Most legal experts contend it means someone is a citizen from birth and doesn’t have to go through a naturalization process to become a citizen.
If that’s the definition, then Cruz is a natural born citizen by being born to an American mother and having her citizenship at birth. The Congressional Research Service, the agency tasked with providing authoritative research to all members of Congress, published a report after the 2008 election supporting the thinking that a ‘natural born’ citizenship means citizenship held at birth.
There are many legal and historical precedents to strongly back up this argument, experts have said.
Those precedents were the subject of a recent op-ed in the Harvard Law Review by two former solicitor generals of opposing parties, Neal Katyal and Paul Clement, who worked for Presidents Barack Obama and George W. Bush, respectively. They wrote that ‘natural born’ had a longstanding definition dating back to colonial times.
British common law recognized that children born outside of the British Empire remained subjects, and were described by law as natural born, Katyal and Clement wrote.
The framers, of course, would have been intimately familiar with these statutes and the way they used terms like natural born, since the (British) statutes were binding law in the colonies before the Revolutionary War, they said.
Additionally, the first Congress of the United States passed the Naturalization Act of 1790, just three years after the Constitution was written, which stated that children born abroad to U.S. citizens were, too, natural born citizens. Many members of the inaugural Congress were also authors of the Constitution.â
“The U.S. recognizes citizenship according to two fundamental principles: jus soli (right of birthplace), and jus sanguinis (right of blood). Under jus soli, a person receives American citizenship by virtue of being born in the United States. By contrast, jus sanguinis confers citizenship on those born to at least one U.S. citizen anywhere in the world. A person who does not qualify under either of these principles may seek U.S. citizenship through the process of naturalization.”
It was included in the final of “United States v. Wong Kim Ark, 169 U.S. 649 (1898)” and is a part of the story of the case. That is what counts here.
That paragraph does not appear in the case. Do you have a cite for that paragraph?
But let me think about it a little more. Everyone knew Washington would be President so I would look at his status first.
Does not apply to Cruz.
CITIZEN and NATURAL BORN CITIZEN ARE TWO DIFFERENT THINGS. Cruz was NOT born in the United States.
His parents WERE NOT RESIDENT in the US at the time of his birth.

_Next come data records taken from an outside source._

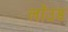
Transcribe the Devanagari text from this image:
लॉउड
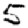
Digit: 5
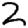
Digit: 2
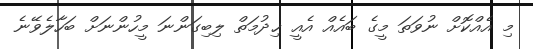
މި އެއްކޮށް ނުވަތަ މީގެ ބައެއް އެއީ ޚިދުމަތް ލިބިގަންނަ މީހުންނަށް ބަހާލެވޭނެ
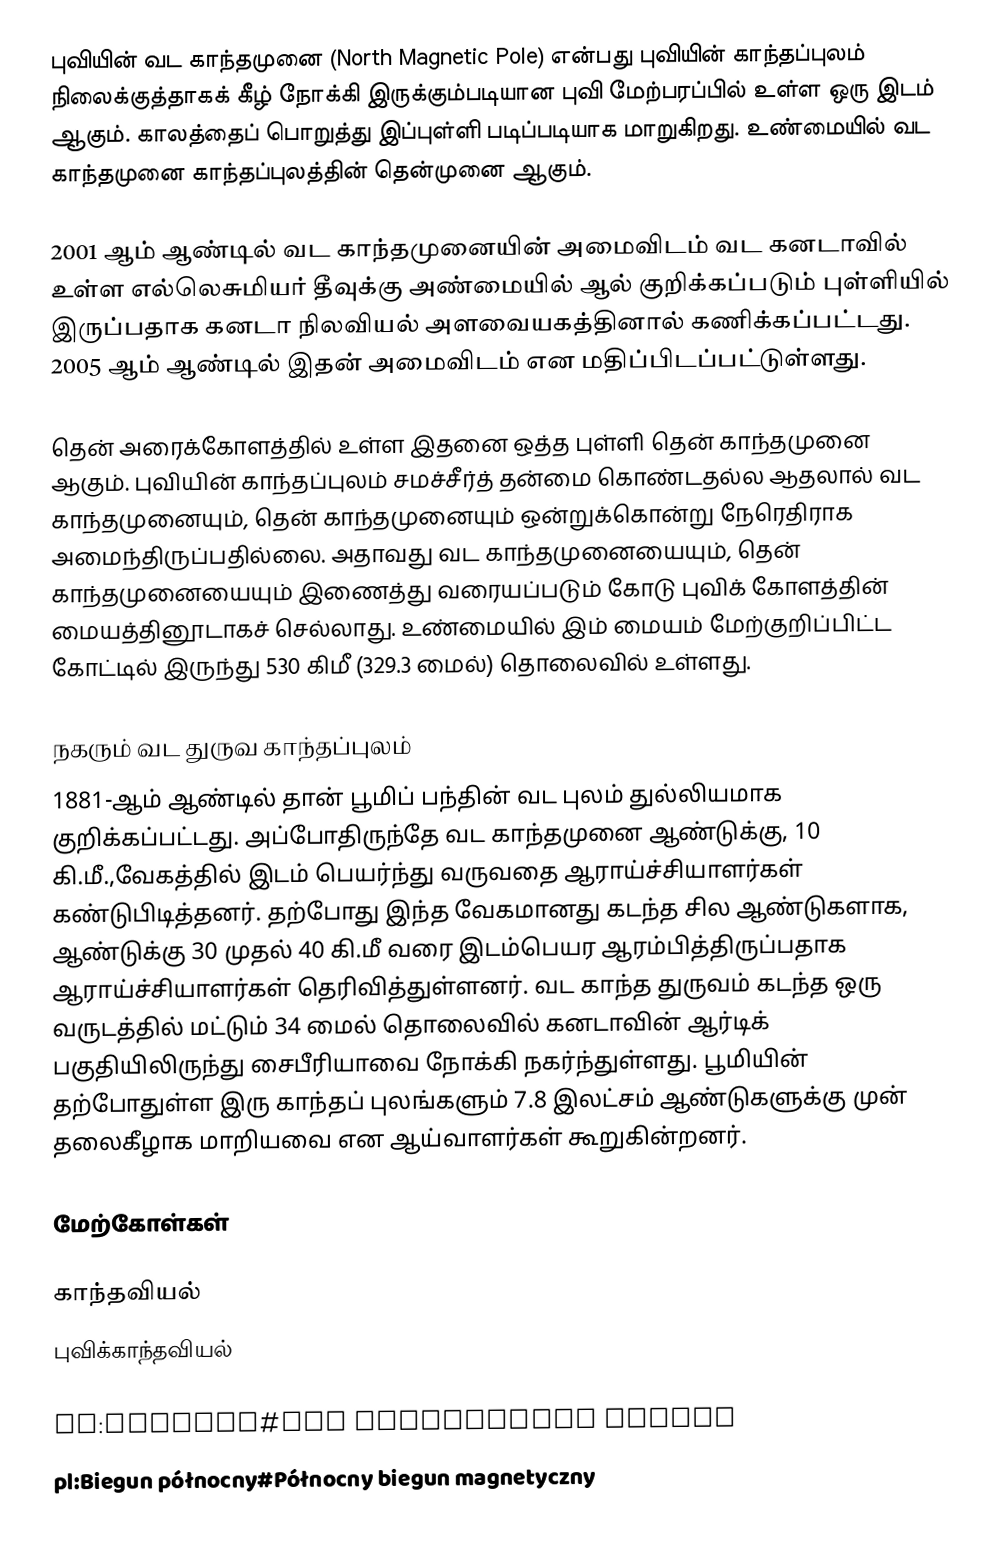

BOTH if his parents were NOT US Citizens at the time of his birth.
A tree is a plant, but not all plants are trees.
Jefferson was quite explicit on the matter of citizenship.

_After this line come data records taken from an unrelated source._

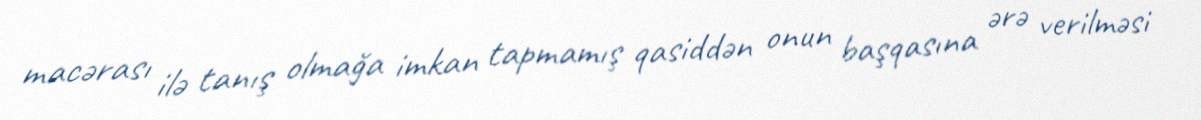
macərası ilə tanış olmağa imkan tapmamış qasiddən onun başqasına ərə verilməsi
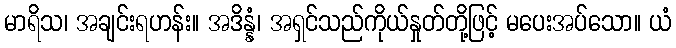
မာရိသ၊ အချင်းရဟန်း။ အဒိန္နံ၊ အရှင်သည်ကိုယ်နှုတ်တို့ဖြင့် မပေးအပ်သော။ ယံ
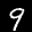
Label: 9
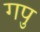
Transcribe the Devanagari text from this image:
गपु
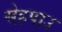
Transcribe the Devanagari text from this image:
सेहपाउ
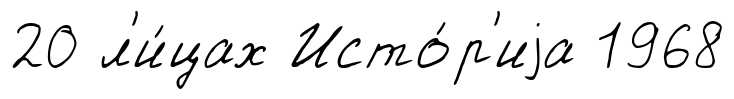
20 л'и́цах Исто́р'иjа 1968
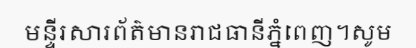
មន្ទីរសារព័ត៌មានរាជធានីភ្នំពេញ។សូម
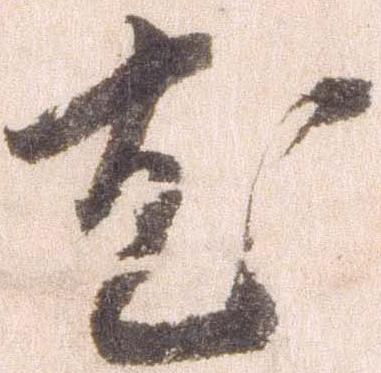
尤
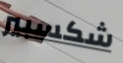
شكسبير
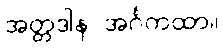
အတ္တဒါန အင်္ဂကထာ။
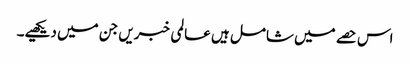
اس حصے میں شامل ہیں عالمی خبریں جن میں دیکھیے۔
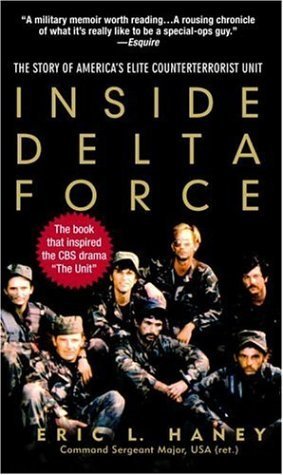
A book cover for Inside Delta Force: The Story of America's Elite Counterterrorist Unit 3rd (third) Edition by Eric Haney published by Delta (2005) Paperback; Engineering & Transportation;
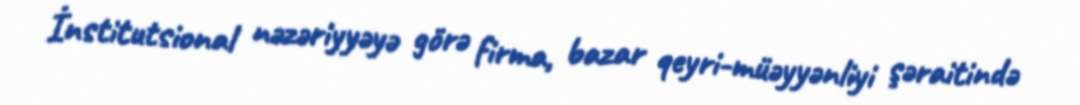
İnstitutsional nəzəriyyəyə görə firma, bazar qeyri-müəyyənliyi şəraitində
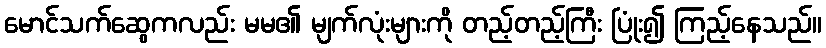
မောင်သက်ဆွေကလည်း မမ၏ မျက်လုံးများကို တည့်တည့်ကြီး ပြုံး၍ ကြည့်နေသည်။
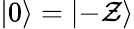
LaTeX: |0\rangle=|{-}\mathcal{Z}\rangle
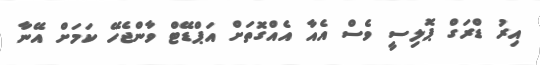
އިރު ޑްރަގް ޕޮލިސީ ވެސް އެއާ އެއްގޮތަށް އަޕްޑޭޓް ވާންޖެހޭ ކަމަށް އޭނާ
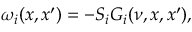
\omega _ { i } ( x , x ^ { \prime } ) = - S _ { i } G _ { i } ( \nu , x , x ^ { \prime } ) ,
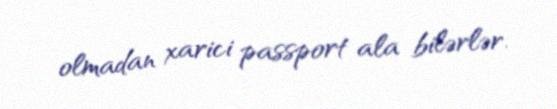
olmadan xarici passport ala bilərlər.
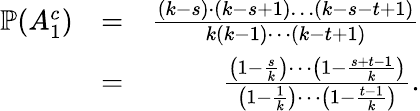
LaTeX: \begin{array}{rlr}{\mathbb{P}(A_{1}^{c})}&{=}&{\frac{(k-s)\cdot(k-s+1)\ldots(k-s-t+1)}{k(k-1)\cdots(k-t+1)}}\\ &{=}&{\frac{\left(1-\frac{s}{k}\right)\cdots\left(1-\frac{s+t-1}{k}\right)}{\left(1-\frac{1}{k}\right)\cdots\left(1-\frac{t-1}{k}\right)}.}\end{array}
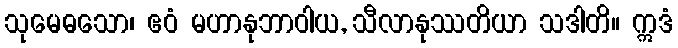
သုမေဓသော၊ ဧဝံ မဟာနုဘာဝါယ, သီလာနုဿတိယာ သဒါတိ။ ဣဒံ
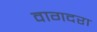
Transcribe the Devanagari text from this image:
वागदरा
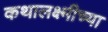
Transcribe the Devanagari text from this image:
कथालक्ष्मीच्या
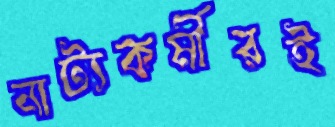
নাট্যকর্মীরই
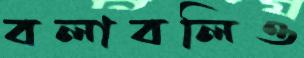
বলাবলিও
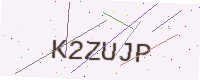
Text: K2ZUJP
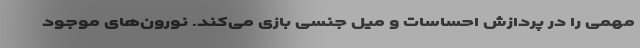
مهمی را در پردازش احساسات و میل جنسی بازی می‌کند. نورون‌های موجود
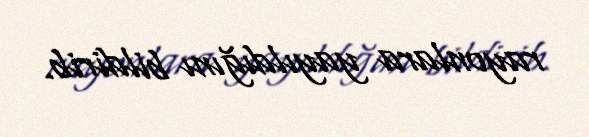
rayonlara yayıldığını bildirib.
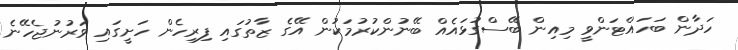
ހަދާން ބަހައްޓަންވީ މިއިން ބޭސްގުޅައެއް ބޭނުންކުރުމަކުން އޭގެ ޒާތުގައި ފިރިހެން ހަށީގައި ވަރުނުޖެހޭނެ
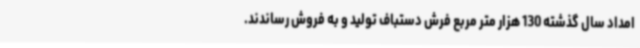
امداد سال گذشته 130 هزار متر مربع فرش دستباف تولید و به فروش رساندند.
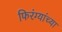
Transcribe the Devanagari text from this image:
फिरंग्यांच्या
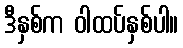
ဒီနှစ်က ဝါထပ်နှစ်ပါ။
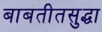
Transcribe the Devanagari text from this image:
बाबतीतसुद्धा
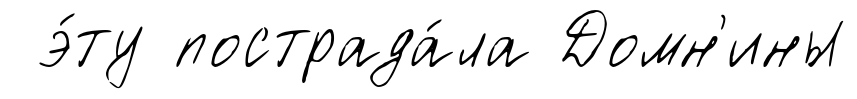
э́ту пострада́ла Домн'ины
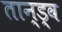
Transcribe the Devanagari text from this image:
तान्ड्व
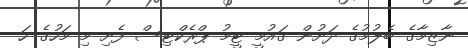
ނާޒިމާގެ ބެލުމުގެ ދަށުން ގައުމީ ޓީމު ޕްރެކްޓިސް ފެށި މި މަހުގެ ހަ
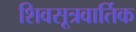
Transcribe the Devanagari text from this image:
शिवसूत्रवार्तिक
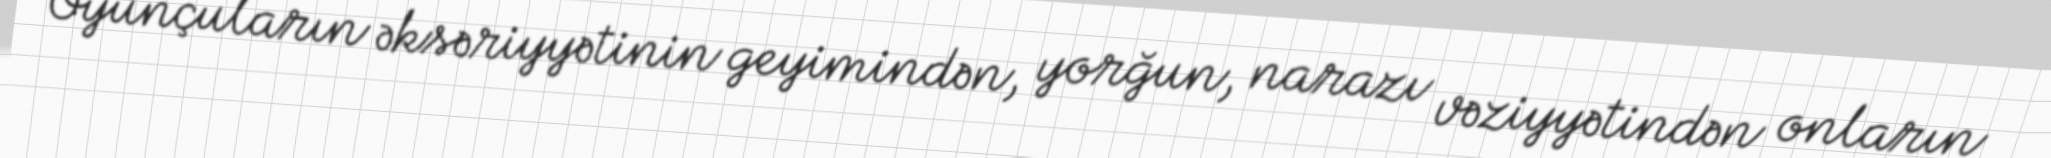
Oyunçuların əksəriyyətinin geyimindən, yorğun, narazı vəziyyətindən onların
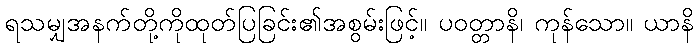
ရသမျှအနက်တို့ကိုထုတ်ပြခြင်း၏အစွမ်းဖြင့်။ ပဝတ္တာနိ၊ ကုန်သော။ ယာနိ
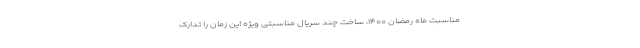
مناسبت ماه رمضان ۱۴۰۰، ساخت چند سریال مناسبتی ویژه این زمان را تدارک
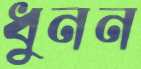
ধুনন
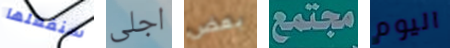
سنفعلها اجلى بعض مجتمع اليوم
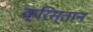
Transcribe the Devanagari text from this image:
क्रिस्तान
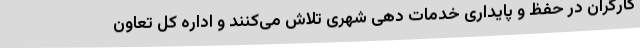
کارگران در حفظ و پایداری خدمات دهی شهری تلاش می‌کنند و اداره کل تعاون
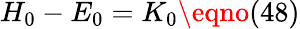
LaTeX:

George Washington, John Jay, Benjamin Franklin ALL note the dependence on Vattel’s Law of Nations during their deliberations on Framing the Constitution.

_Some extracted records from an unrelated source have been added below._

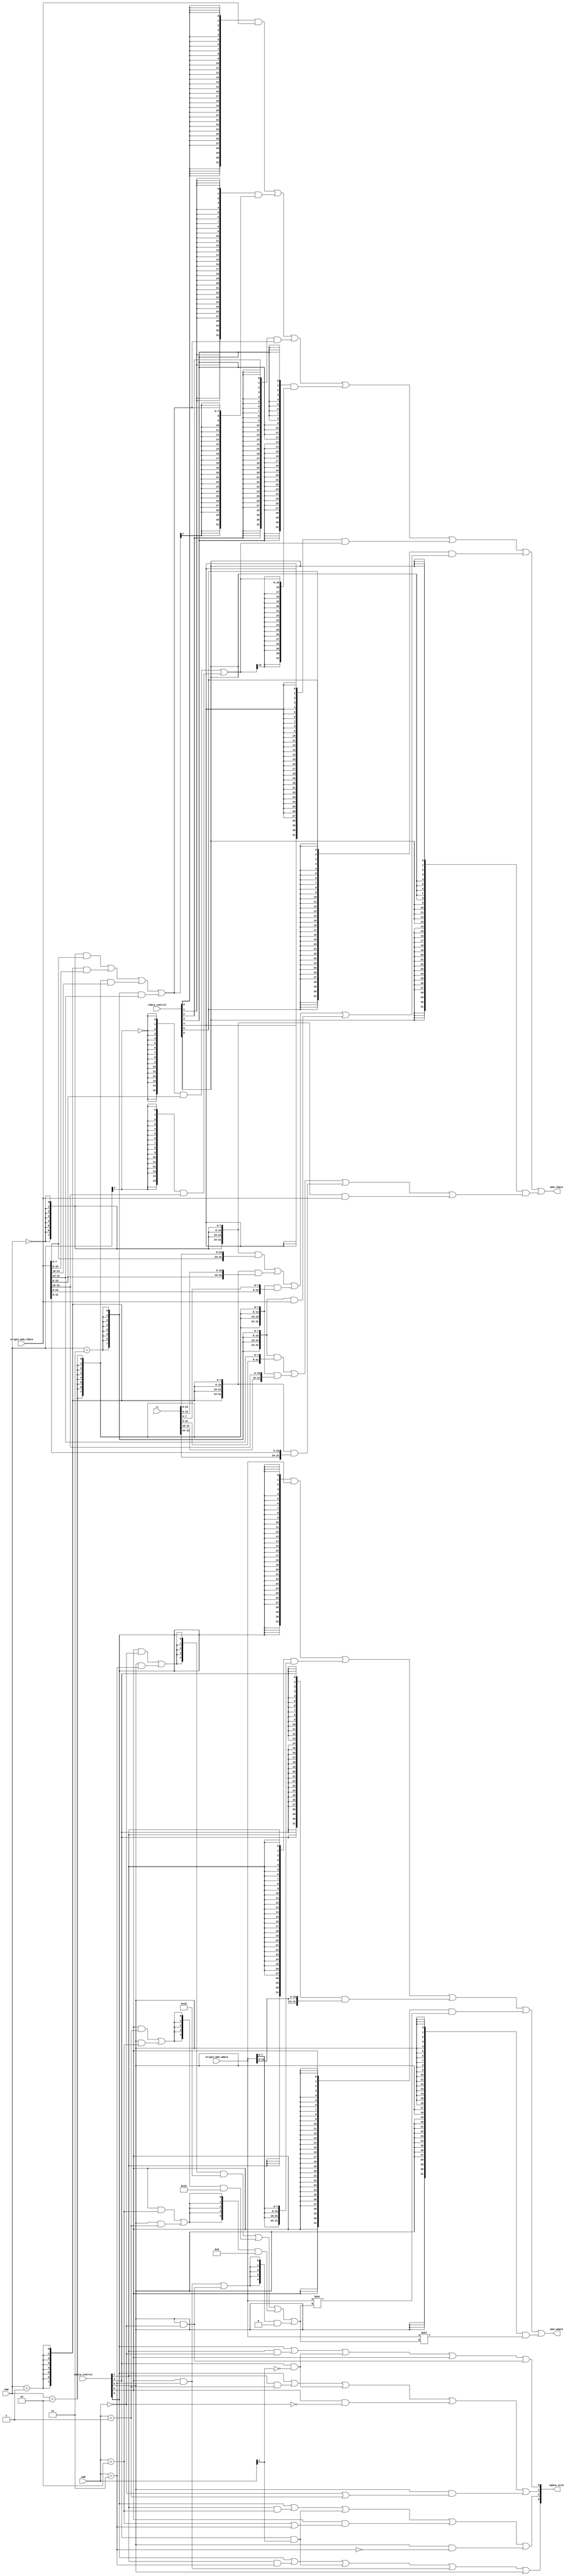
module memdata_change(
	input [31:0] origin_mem_wdata,
	input [31:0] origin_mem_rdata,
	input [1:0] eaM,
	input [1:0] eaW,
	input [31:0] rt,
	input [6:0] wdata_control,
	input [6:0] rdata_control,
	output [3:0] wdata_strb,
	output [31:0] mem_wdata,
	output [31:0] mem_rdata
	);
//rdata
wire [3:0] byte_selectW;
assign byte_selectW[0] = (eaW == 2'b00);
assign byte_selectW[1] = (eaW == 2'b01);
assign byte_selectW[2] = (eaW == 2'b10);
assign byte_selectW[3] = (eaW == 2'b11);
wire [1:0] half_selectW;
assign half_selectW[0] = (eaW[1] == 1'b0);
assign half_selectW[1] = (eaW[1] == 1'b1);

wire [7:0] rdata_b;
wire [15:0] rdata_h;
wire [31:0] rdata_left;
wire [31:0] rdata_right;
assign rdata_b = ({8{byte_selectW[0]}}&origin_mem_rdata[7:0]  )
				|({8{byte_selectW[1]}}&origin_mem_rdata[15:8] )
				|({8{byte_selectW[2]}}&origin_mem_rdata[23:16])
				|({8{byte_selectW[3]}}&origin_mem_rdata[31:24]);

assign rdata_h =  ({16{half_selectW[0]}}&origin_mem_rdata[15:0])
				 |({16{half_selectW[1]}}&origin_mem_rdata[31:16]);

assign rdata_left= ({32{byte_selectW[0]}}&{origin_mem_rdata[7:0],rt[23:0]}  )
				  |({32{byte_selectW[1]}}&{origin_mem_rdata[15:0],rt[15:0]} )
				  |({32{byte_selectW[2]}}&{origin_mem_rdata[23:0],rt[7:0]} )
				  |({32{byte_selectW[3]}}& origin_mem_rdata[31:0]           );

assign rdata_right = ({32{byte_selectW[3]}}&{rt[31:8],origin_mem_rdata[31:24]}  )
				    |({32{byte_selectW[2]}}&{rt[31:16],origin_mem_rdata[31:16]} )
				    |({32{byte_selectW[1]}}&{rt[31:24],origin_mem_rdata[31:8]}  )
				    |({32{byte_selectW[0]}}& origin_mem_rdata[31:0]             );

assign mem_rdata =    ({32{rdata_control[0]}}&origin_mem_rdata           )
                     |({32{rdata_control[1]}}&{{24{rdata_b[7]}},rdata_b} )
                     |({32{rdata_control[2]}}&{24'd0,rdata_b}            )
                     |({32{rdata_control[3]}}&{{16{rdata_h[15]}},rdata_h})
                     |({32{rdata_control[4]}}&{16'd0,rdata_h}            )
                     |({32{rdata_control[5]}}&rdata_left                 )
                     |({32{rdata_control[6]}}&rdata_right                );
//wdata
wire [3:0] byte_selectM;
assign byte_selectM[0] = (eaM == 2'b00);
assign byte_selectM[1] = (eaM == 2'b01);
assign byte_selectM[2] = (eaM == 2'b10);
assign byte_selectM[3] = (eaM == 2'b11);
wire [1:0] half_selectM;
assign half_selectM[0] = (eaM[1] == 1'b0);
assign half_selectM[1] = (eaM[1] == 1'b1);

assign wdata_strb[0] = wdata_control[0]|(wdata_control[1]&byte_selectM[0])|(wdata_control[3]&half_selectM[0])|wdata_control[5]|(wdata_control[6]&byte_selectM[0]);
assign wdata_strb[1] = wdata_control[0]|(wdata_control[1]&byte_selectM[1])|(wdata_control[3]&half_selectM[0])|(wdata_control[5]&(~byte_selectM[0]))|(wdata_control[6]&(byte_selectM[0]|byte_selectM[1]));
assign wdata_strb[2] = wdata_control[0]|(wdata_control[1]&byte_selectM[2])|(wdata_control[3]&half_selectM[1])|(wdata_control[5]&(byte_selectM[2]|byte_selectM[3]))|(wdata_control[6]&(~byte_selectM[3]));
assign wdata_strb[3] = wdata_control[0]|(wdata_control[1]&byte_selectM[3])|(wdata_control[3]&half_selectM[1])|(wdata_control[5]&byte_selectM[3])|wdata_control[6];
wire [4:0] shift;
assign shift = ({5{(wdata_control[5]&byte_selectM[0])|(wdata_control[6]&byte_selectM[3])}}&5'd24)
			  |({5{(wdata_control[5]&byte_selectM[1])|(wdata_control[6]&byte_selectM[2])}}&5'd16)
			  |({5{(wdata_control[5]&byte_selectM[2])|(wdata_control[6]&byte_selectM[1])}}&5'd8 )
			  |({5{(wdata_control[5]&byte_selectM[3])|(wdata_control[6]&byte_selectM[0])}}&5'd0 );


assign mem_wdata = ({32{wdata_control[0]}}&origin_mem_wdata)
	              |({32{wdata_control[1]}}&{4{origin_mem_wdata[7:0]}})
	              |({32{wdata_control[3]}}&{2{origin_mem_wdata[15:0]}})
	              |({32{wdata_control[5]}}&(origin_mem_wdata>>shift))
	              |({32{wdata_control[6]}}&(origin_mem_wdata<<shift));
endmodule

That does not mean it doesn't exist.
this was without a doubt the worst reasoned and worst supported decision the Supreme Court ever made.
The dissent is interesting, though.
Speak for yourself.
Actually arguments used in the justification of a ruling are NOT determinate of anything.
They are no more significant than a legal footnote in their ramifications.
Blabbered about inconsequentially.
Is every opinion of the Supreme Court infallible?